Health and Social tax
National Insurance -> Health and Social tax
The Post-War Welfare State (1948) unified sickness and pensions following the Beveridge Report (1942) “national compulsory insurance for all classes for all purposes from the cradle to the grave.” The principle you pay contributions to establish an entitlement to certain social security benefits later on, with the State Pension being the most significant of these.
Given the demographic pressures of an ageing population, rising welfare costs exacerbated by policies like the State Pension Triple Lock and the structural reliance on National Insurance contributions (NICs) a tax on earnings makes it fundamentally unfit and insufficient to fund rising costs driven by an ageing population who are primarily drawing on pension and investment income. What precise adjustments to the UK’s taxation system are necessary to ensure the sustainable funding of social security and an older populace going forward?
Solution
Faced with the challenges set out above, and taxes rises never being popular a key component to the future funding of NHS, Social Care, Pensions and Welfare must be secured by renaming National Insurance to the Health and Social Tax (HST). This policy moves the system to a progressive model to better fund public services and transparently communicates how these services are funded, while honouring the compulsory insurance principle laid out by the Beveridge Report and adapting it for the economic realities of the 21st century.
Implementation
The health and social tax (HST) would be revenue neutral as it covers the entire historic NICs burden and the funding gap created by reducing the Income Tax component. The marginal tax rate on earned income would not change and can be seen below:
- Current Basic Rate on Earnings: 20% Income Tax + 8% Employee NICs = 28%
- Proposed Basic Rate on Earnings: 18% Residual Income Tax + 10% Health & Social Tax = 28%
- Current Higher Rate On Earnings: 40% Income Tax + 2% Employee NICs = 42%
- Proposed Higher Rate on Earnings: 27% Income Tax + 15% Health & Social Tax = 42%
- Current Additional Rate on Earnings: 45% Income Tax + 2% Employee NICs = 47%
- Proposed Additional Rate on Earnings: 30% Income Tax + 17% Health & Social Tax = 47%
This model is revenue-neutral because the revenue lost from the reduction in Residual Income Tax is fully offset by applying the progressive HST rates to the newly taxed streams of pension and investment income.

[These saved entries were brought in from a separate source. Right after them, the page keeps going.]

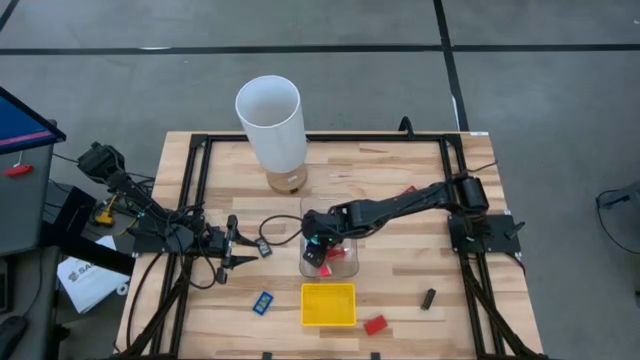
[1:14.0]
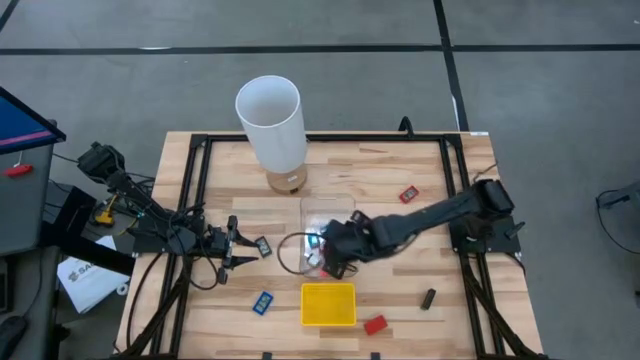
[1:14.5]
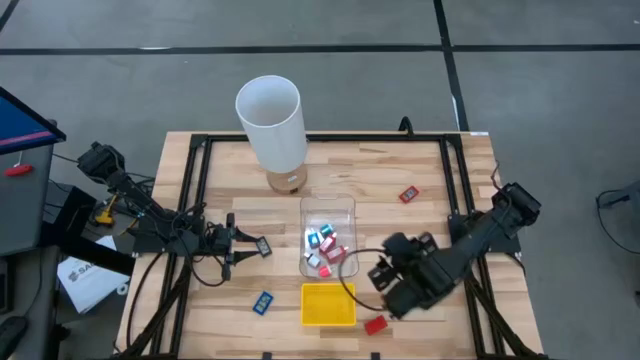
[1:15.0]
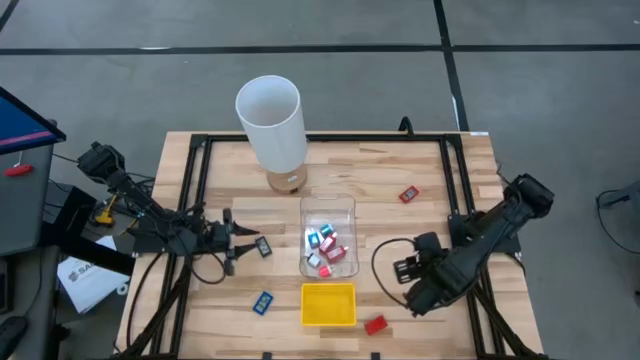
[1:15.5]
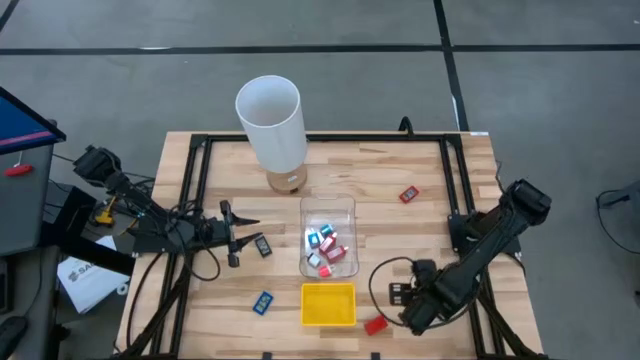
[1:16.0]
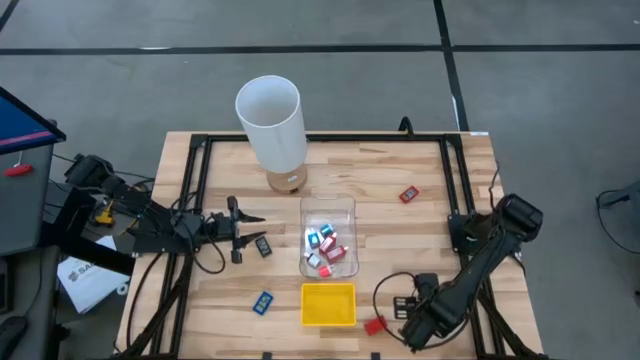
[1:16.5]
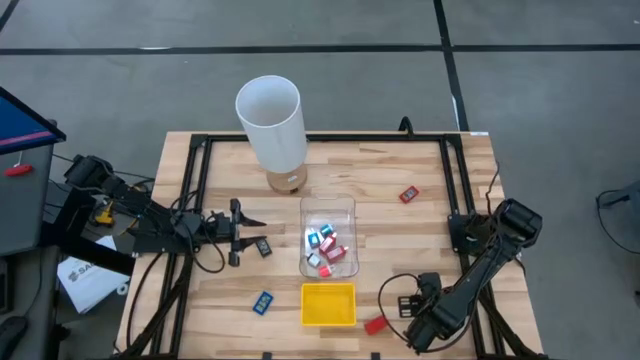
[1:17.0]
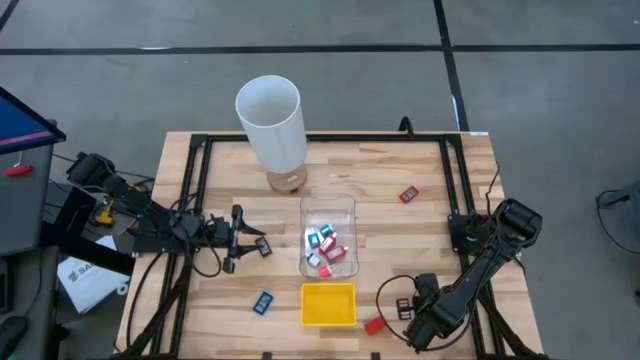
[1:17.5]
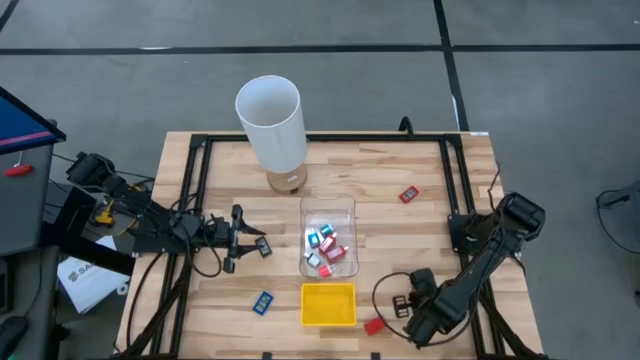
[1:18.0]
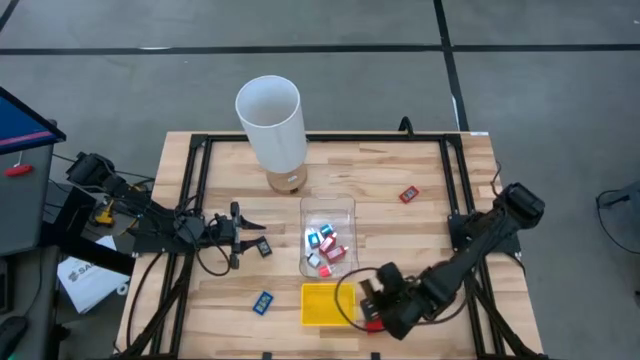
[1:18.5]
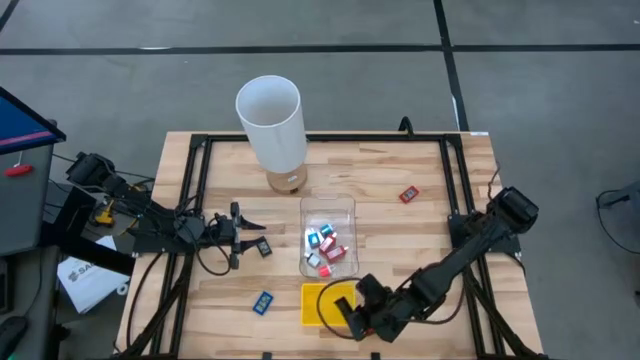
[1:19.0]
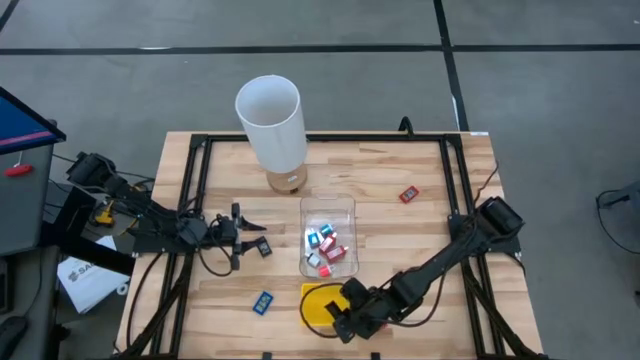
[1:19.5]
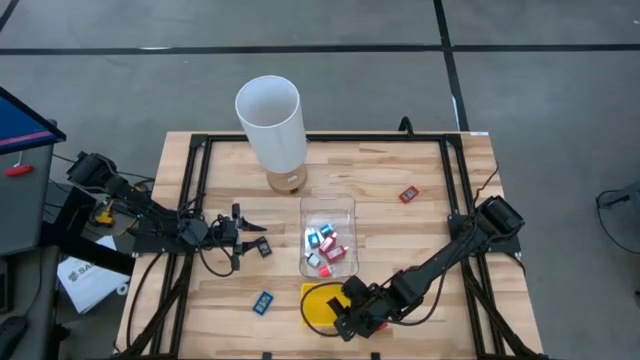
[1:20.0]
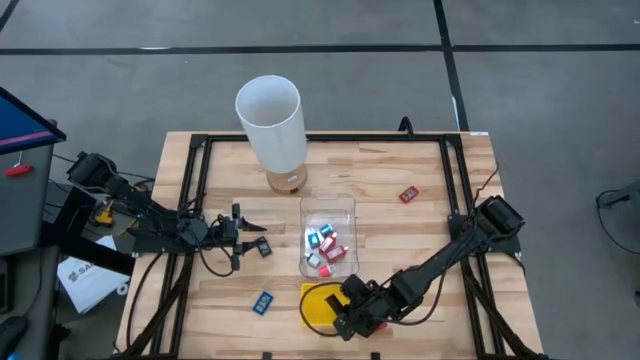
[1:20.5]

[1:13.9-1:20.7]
Task: Pick & Place Office items
Put the bottom black digital clock into the yellow bin

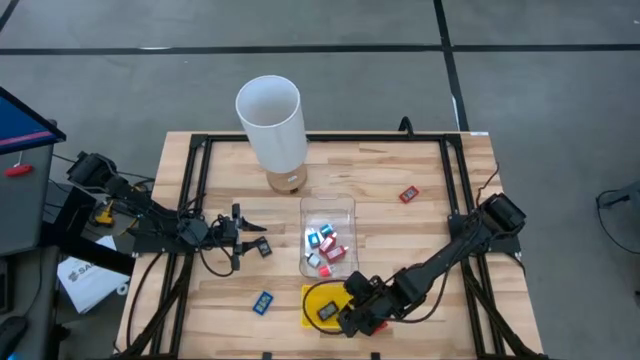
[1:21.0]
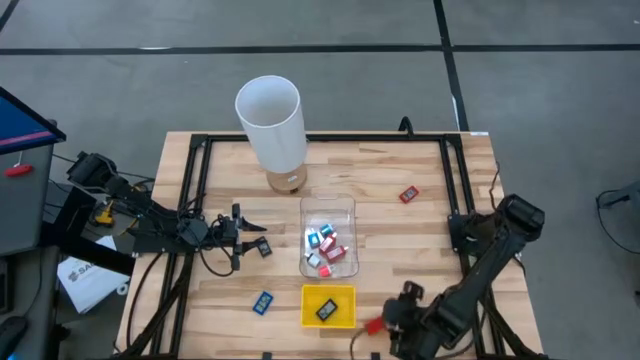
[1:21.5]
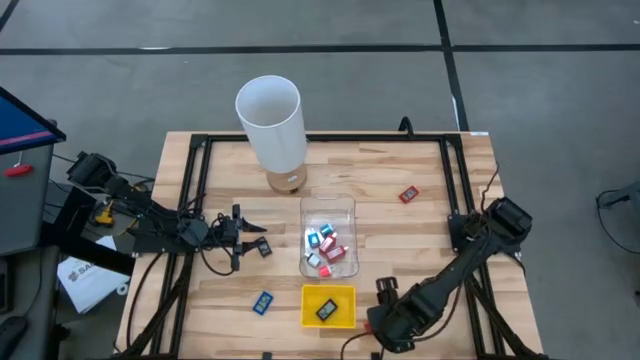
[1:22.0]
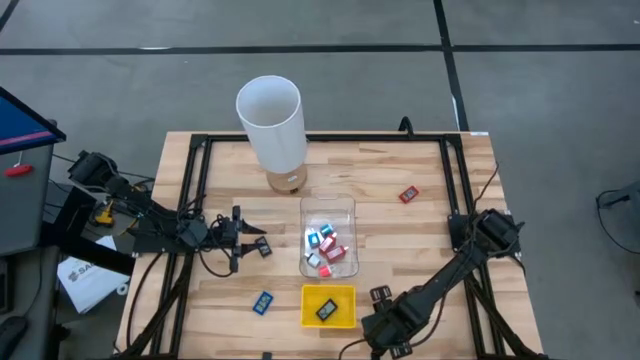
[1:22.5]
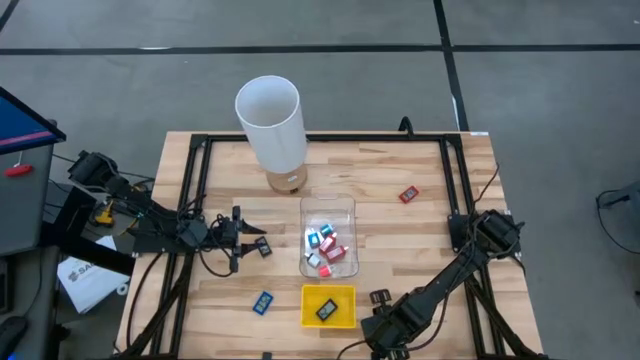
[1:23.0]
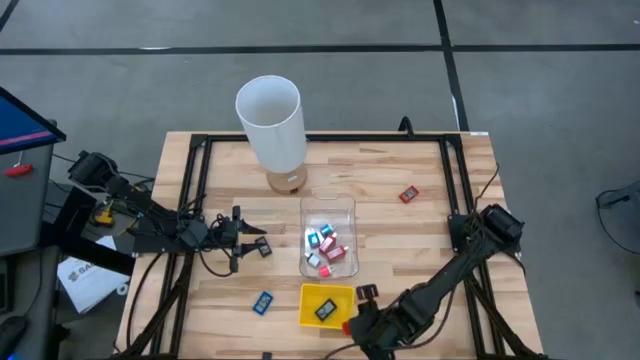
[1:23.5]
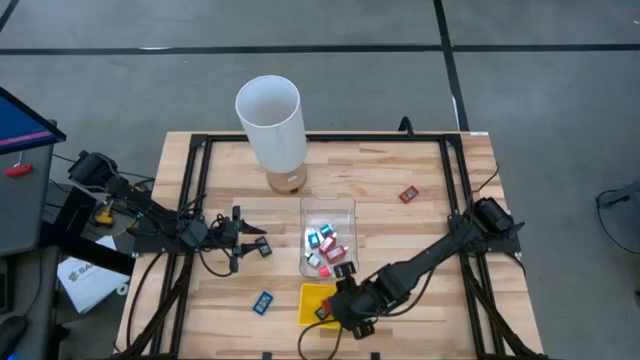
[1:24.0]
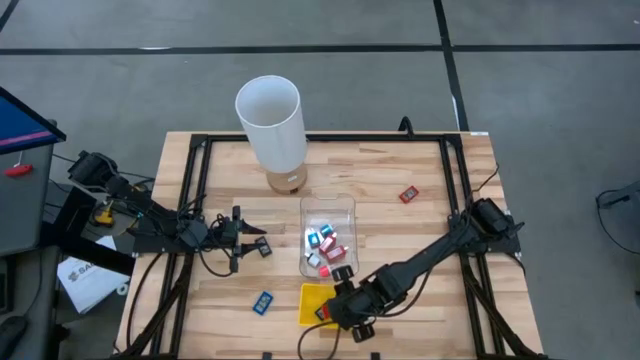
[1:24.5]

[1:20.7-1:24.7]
Put the bottom red digital clock into the yellow bin

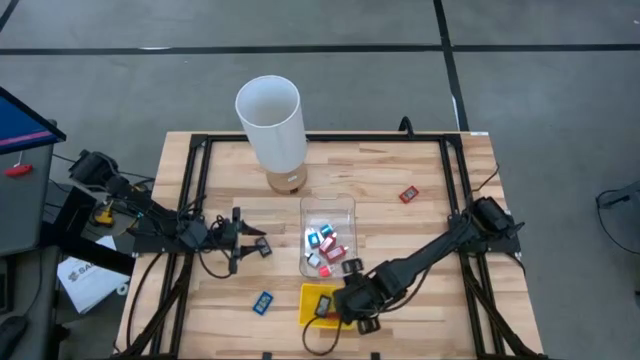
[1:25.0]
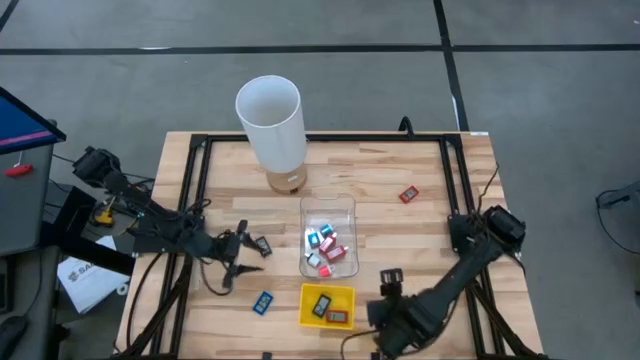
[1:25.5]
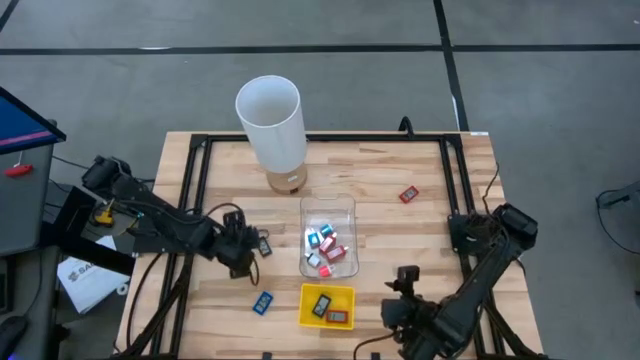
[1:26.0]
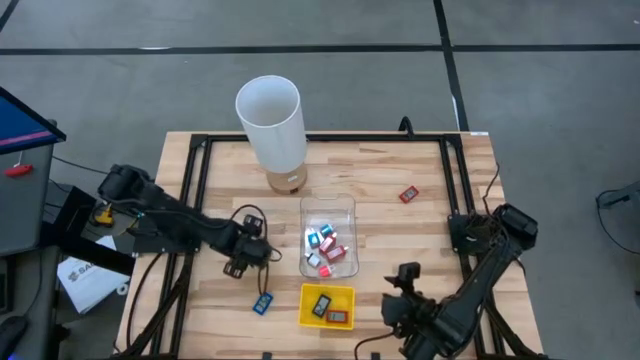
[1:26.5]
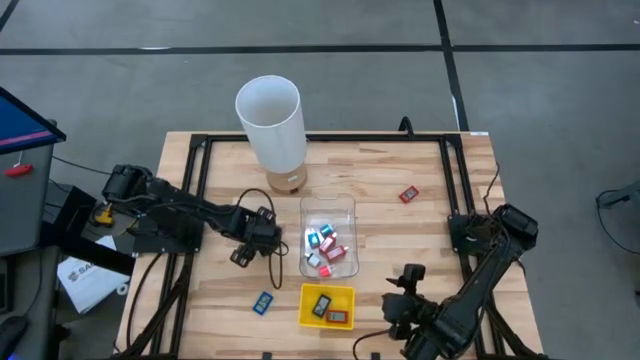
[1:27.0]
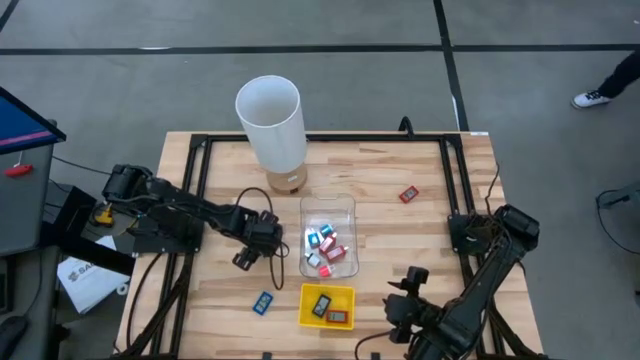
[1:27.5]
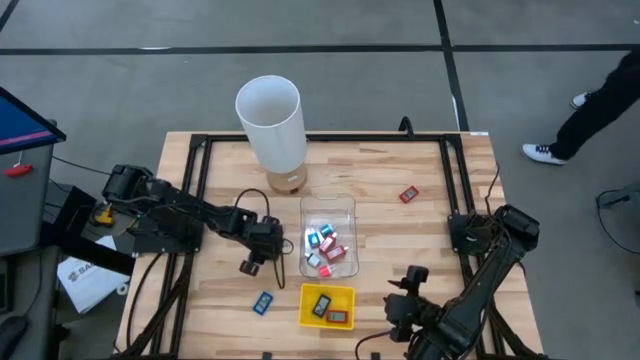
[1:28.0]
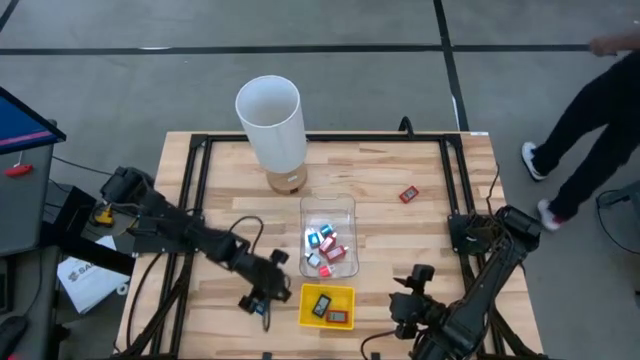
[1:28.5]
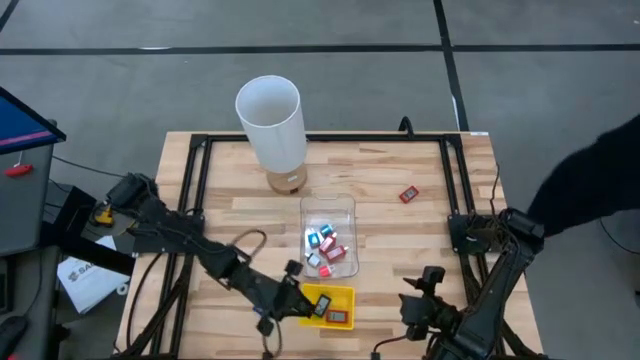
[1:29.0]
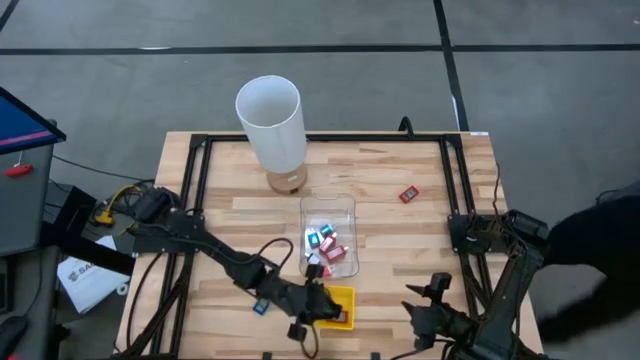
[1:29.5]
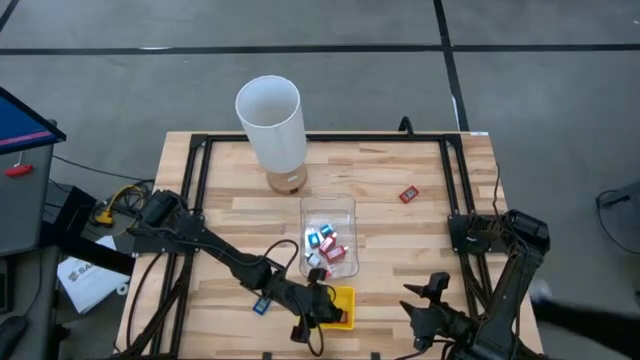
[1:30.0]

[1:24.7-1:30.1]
Put the black digital clock into the yellow bin

Employer National Insurance Contribution would be rebranded to Employer Health and Social Tax (EHST) and kept at its existing rate of 15% (on earnings above the secondary threshold). This approach retains the essential ∼£110 billion revenue from employers, ensuring the employee contribution rates (10%, 15%, 17%) can focus on replacing the employee NICs and closing the overall social spending gap, rather than having to absorb the entire employer burden.
Impact
Removes a regressive tax
The Health & Social Tax itself is progressive:
- Basic Rate: 10%
- Higher Rate: 15%
- Additional Rate: 17%
Broadens the base
The government makes up the funding shortfall by using the new tax to target income streams that currently escape NICs:
- Pensioners: They would pay the 10% Health & Social Tax on their private/occupational pension income, where they currently pay 0% NICs.
- Asset Income: Investment income (like dividends and rent) would be subject to the full progressive H&S Tax (up to 17%), which raises significantly more revenue than the current NICs exemption.
Broadening of the tax base generates the extra billions needed to fund the growing costs of the NHS and social care, making the combined system financially sustainable without an overall headline tax hike.
Politics
- The reform corrects a core unfairness in the current system, converting the regressive National Insurance structure (where the rate falls for high earners) into a progressive Health & Social Tax where contribution rates rise with income.
- Ring fencing funding is politically popular as it gives taxpayers a clear line of sight to where their money is going
- The fundamental change is not the amount of tax paid by the average worker, but the expansion of the tax base to include pensioners and investment income, which is where the extra money needed for social spending comes from.